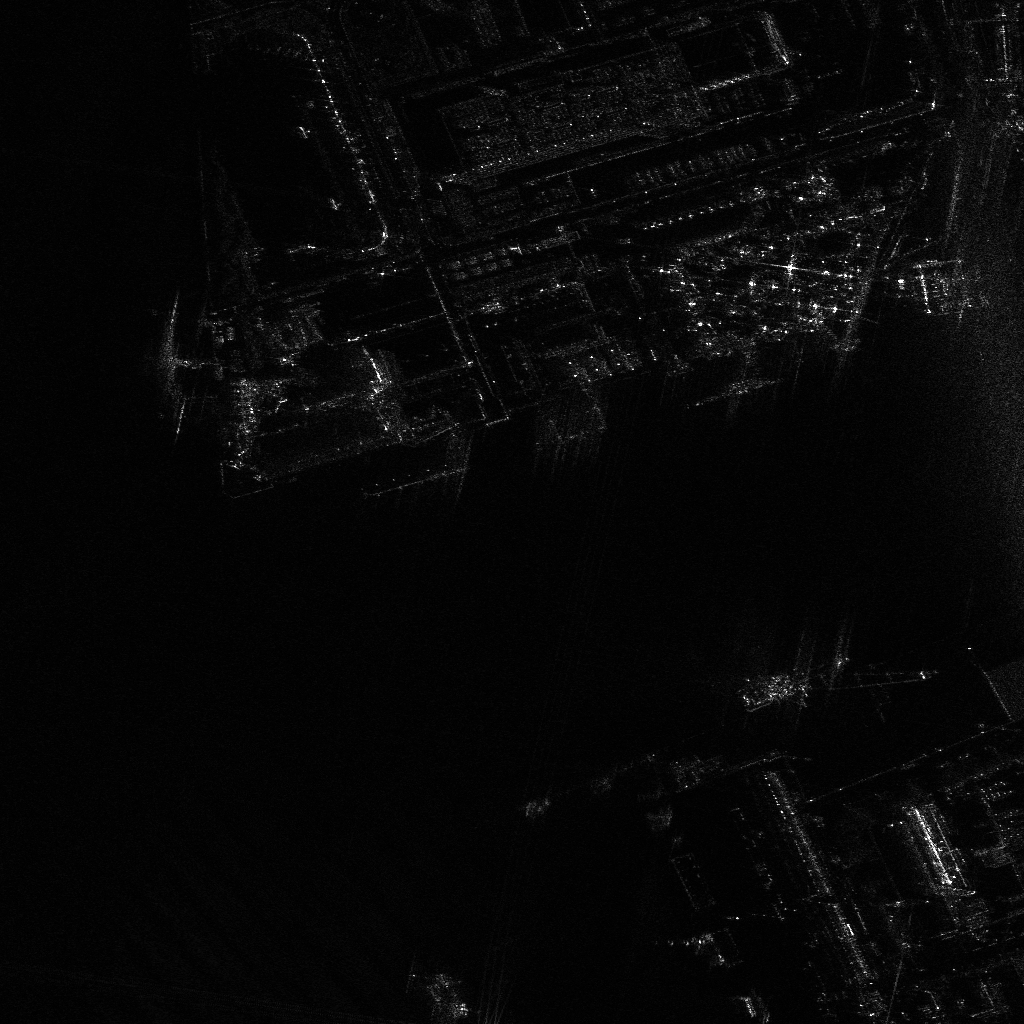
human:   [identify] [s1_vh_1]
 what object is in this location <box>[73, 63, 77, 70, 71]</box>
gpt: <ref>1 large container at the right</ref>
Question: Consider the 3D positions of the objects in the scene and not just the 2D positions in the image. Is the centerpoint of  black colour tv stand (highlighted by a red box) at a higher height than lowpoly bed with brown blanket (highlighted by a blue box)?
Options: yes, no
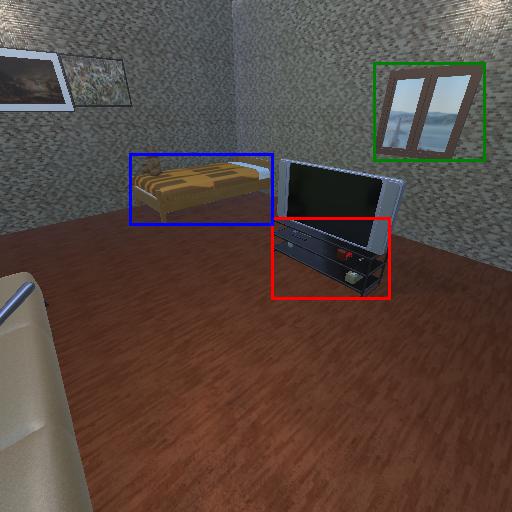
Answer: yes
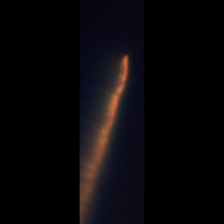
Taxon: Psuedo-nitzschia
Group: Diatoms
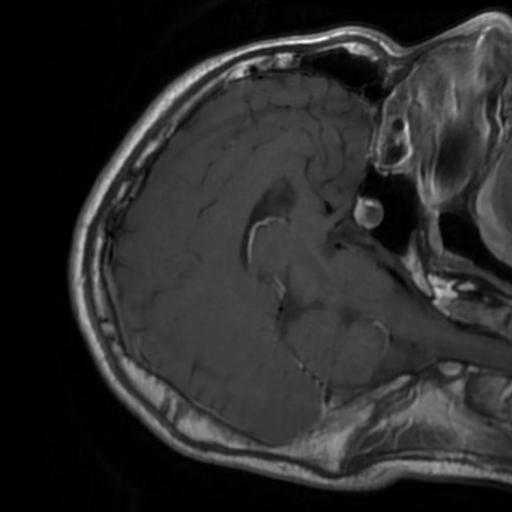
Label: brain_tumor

====

#### Task goal:
If a picture falls within the span, leave it out, and reproduce exactly the lines from the one containing "what object is" through the end of the material, and no others.

#### Answer space:
 what object is in this location <box>[73, 63, 77, 70, 71]</box>
gpt: <ref>1 large container at the right</ref>
Question: Consider the 3D positions of the objects in the scene and not just the 2D positions in the image. Is the centerpoint of  black colour tv stand (highlighted by a red box) at a higher height than lowpoly bed with brown blanket (highlighted by a blue box)?
Options: yes, no
Answer: yes
Taxon: Psuedo-nitzschia
Group: Diatoms
Label: brain_tumor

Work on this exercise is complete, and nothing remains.